Spearheading the Jets’ movement is a coach who Leafs fans know well: Paul Maurice. He oversaw the Leafs for two seasons in which they missed the playoffs, one of them by a single point. He was largely given an unfair shake, but in Winnipeg, we are seeing what Maurice can do with talent at his disposal, as he does an excellent job of line-matching.
In Laine’s rookie season, much was made of his chemistry with Scheifele. But this season, the team has split the two up — and it has worked wonders. Laine’s goals per game average has gone way up now that he’s matched up against opposing second lines, while Kyle Connor, Schiefele and Wheeler have become one of the best top lines in hockey. Having Bryan Little on the third line is a huge asset, while Adam Lowry and Joel Armia can grind you out defensively on the fourth.
While the Leafs and Jets are evenly matched as far as forward depth is concerned, the Jets have the clear advantage on the blue line. One team rolls out Ron Hainsey, Nikita Zaitsev and Roman Polak on the right side, while the other rolls out Byfuglien, Myers and Joe Morrow. Winnipeg’s reliable defense has kept Hellebuyck’s workload down — despite the fact that he’s started the same amount of games as Frederik Andersen, he has faced almost 200 fewer total shots than him.
The last point of comparison between the Leafs and Jets is their general managers. Both have done a great job of getting their teams to this point in their development. But while Lou Lamoriello was aggressive in stripping away their previous core, he’s been fairly passive in building this one. The biggest piece he brought in via trade outside of Andersen is, arguably, Connor Carrick. And for the second consecutive trade deadline, he paid a second-round pick for a fourth line center.

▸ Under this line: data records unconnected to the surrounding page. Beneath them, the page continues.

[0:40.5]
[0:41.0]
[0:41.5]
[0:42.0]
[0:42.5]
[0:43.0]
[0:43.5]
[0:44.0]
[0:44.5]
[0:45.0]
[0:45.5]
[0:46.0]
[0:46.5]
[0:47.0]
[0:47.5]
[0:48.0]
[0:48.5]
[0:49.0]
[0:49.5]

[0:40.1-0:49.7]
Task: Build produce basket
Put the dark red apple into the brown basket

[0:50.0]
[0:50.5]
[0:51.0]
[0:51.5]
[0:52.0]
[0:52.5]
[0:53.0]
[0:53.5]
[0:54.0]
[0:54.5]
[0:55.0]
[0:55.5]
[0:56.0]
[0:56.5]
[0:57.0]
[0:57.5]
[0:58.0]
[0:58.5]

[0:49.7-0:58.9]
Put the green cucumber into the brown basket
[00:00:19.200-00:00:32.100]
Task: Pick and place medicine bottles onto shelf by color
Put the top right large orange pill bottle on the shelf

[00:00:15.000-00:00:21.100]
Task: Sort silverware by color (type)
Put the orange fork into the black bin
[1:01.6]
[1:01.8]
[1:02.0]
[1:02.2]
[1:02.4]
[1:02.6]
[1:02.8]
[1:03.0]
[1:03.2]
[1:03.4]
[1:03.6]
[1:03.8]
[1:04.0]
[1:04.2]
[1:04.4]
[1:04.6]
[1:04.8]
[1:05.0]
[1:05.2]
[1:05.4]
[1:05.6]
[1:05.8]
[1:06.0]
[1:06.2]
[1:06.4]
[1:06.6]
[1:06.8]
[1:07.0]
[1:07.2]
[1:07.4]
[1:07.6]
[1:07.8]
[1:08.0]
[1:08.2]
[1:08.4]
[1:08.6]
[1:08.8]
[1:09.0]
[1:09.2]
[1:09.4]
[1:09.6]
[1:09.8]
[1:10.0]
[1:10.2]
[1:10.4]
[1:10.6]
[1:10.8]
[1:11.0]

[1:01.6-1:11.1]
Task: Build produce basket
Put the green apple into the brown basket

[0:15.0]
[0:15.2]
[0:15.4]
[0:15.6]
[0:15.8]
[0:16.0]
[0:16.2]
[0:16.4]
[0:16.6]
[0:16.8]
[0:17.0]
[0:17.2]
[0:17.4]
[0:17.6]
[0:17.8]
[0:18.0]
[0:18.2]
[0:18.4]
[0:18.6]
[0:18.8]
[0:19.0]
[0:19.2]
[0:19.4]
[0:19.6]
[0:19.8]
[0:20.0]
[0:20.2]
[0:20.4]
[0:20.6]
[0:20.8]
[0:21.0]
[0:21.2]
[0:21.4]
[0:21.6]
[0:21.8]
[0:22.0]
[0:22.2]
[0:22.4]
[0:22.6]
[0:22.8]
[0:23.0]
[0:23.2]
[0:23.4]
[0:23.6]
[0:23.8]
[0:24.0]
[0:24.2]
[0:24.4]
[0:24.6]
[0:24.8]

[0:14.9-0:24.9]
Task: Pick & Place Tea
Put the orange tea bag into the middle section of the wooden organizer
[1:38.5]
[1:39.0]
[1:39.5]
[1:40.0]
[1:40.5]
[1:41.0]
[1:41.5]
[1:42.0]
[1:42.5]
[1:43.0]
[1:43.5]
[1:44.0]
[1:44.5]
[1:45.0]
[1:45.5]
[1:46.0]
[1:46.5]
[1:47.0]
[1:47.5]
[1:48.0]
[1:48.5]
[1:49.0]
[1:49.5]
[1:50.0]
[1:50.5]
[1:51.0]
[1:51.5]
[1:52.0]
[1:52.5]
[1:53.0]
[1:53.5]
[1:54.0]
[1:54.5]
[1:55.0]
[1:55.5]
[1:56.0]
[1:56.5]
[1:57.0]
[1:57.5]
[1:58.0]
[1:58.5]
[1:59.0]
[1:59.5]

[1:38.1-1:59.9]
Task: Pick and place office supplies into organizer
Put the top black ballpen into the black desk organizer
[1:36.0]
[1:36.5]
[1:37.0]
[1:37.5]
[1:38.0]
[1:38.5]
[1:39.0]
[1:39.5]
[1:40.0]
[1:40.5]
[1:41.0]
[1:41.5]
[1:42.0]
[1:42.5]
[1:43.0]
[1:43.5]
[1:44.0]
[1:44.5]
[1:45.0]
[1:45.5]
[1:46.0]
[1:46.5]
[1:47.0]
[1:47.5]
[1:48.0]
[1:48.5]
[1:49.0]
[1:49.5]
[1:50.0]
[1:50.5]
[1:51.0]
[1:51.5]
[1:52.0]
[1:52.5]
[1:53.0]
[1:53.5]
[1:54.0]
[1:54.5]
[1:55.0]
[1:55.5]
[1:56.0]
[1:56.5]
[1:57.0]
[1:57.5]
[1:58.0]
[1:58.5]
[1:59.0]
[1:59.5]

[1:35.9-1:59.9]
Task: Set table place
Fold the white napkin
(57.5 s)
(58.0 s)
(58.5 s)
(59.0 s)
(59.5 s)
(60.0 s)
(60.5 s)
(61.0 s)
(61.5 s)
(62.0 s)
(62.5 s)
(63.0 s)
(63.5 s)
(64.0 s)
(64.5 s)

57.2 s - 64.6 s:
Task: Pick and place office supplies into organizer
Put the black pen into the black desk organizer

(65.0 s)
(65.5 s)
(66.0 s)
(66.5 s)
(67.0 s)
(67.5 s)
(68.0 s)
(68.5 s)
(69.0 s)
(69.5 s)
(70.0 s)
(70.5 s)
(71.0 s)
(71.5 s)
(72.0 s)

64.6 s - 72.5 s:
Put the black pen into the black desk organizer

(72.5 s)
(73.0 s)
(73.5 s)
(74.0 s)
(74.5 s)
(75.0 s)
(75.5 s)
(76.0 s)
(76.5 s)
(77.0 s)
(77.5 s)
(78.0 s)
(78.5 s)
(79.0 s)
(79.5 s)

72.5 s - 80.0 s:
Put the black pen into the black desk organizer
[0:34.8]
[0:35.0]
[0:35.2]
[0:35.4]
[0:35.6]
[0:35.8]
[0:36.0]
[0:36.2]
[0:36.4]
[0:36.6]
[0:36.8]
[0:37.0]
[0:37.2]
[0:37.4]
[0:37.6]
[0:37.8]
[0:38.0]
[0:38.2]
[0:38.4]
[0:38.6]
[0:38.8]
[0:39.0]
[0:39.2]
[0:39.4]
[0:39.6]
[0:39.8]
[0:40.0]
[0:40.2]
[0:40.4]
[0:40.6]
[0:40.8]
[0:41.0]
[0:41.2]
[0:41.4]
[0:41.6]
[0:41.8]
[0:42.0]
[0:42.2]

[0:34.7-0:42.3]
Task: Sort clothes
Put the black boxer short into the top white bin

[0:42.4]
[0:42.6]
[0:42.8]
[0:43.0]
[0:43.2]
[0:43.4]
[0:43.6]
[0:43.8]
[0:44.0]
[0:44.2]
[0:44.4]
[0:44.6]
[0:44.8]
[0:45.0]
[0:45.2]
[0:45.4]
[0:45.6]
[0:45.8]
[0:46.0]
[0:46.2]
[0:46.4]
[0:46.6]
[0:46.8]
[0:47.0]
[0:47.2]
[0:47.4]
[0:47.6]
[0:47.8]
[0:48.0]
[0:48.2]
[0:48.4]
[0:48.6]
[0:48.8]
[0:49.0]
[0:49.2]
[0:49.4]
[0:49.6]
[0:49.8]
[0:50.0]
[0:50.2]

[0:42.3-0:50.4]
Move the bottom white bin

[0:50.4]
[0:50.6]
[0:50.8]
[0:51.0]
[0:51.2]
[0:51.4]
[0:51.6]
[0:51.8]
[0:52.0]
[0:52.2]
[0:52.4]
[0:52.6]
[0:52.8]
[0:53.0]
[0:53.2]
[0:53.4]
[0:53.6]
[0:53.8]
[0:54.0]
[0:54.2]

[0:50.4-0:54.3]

Kevin Cheveldayoff, meanwhile, has been far more aggressive in making trades when his team is in the midst of a playoff push. Getting Myers and Armia for Evander Kane and Zach Bogosian in 2014-15 was a huge coup, and while they got swept out of the first round, they have become solid foundational pieces for the Jets. This season, Cheveldayoff really went for it at the deadline when he brought in Paul Stastny who figures to be a lot more useful in the playoffs than Tomas Plekanec.
The Takeaway Point
In conclusion, while the Leafs are likely another center or defensive overhaul away from winning a Stanley Cup, the Jets have all their pieces in place, save for maybe another winger. And although Leafs fans have every reason to be optimistic now, nothing would remind them that they’re the same old Leafs more than seeing Paul Maurice win a Stanley Cup before Mike Babcock.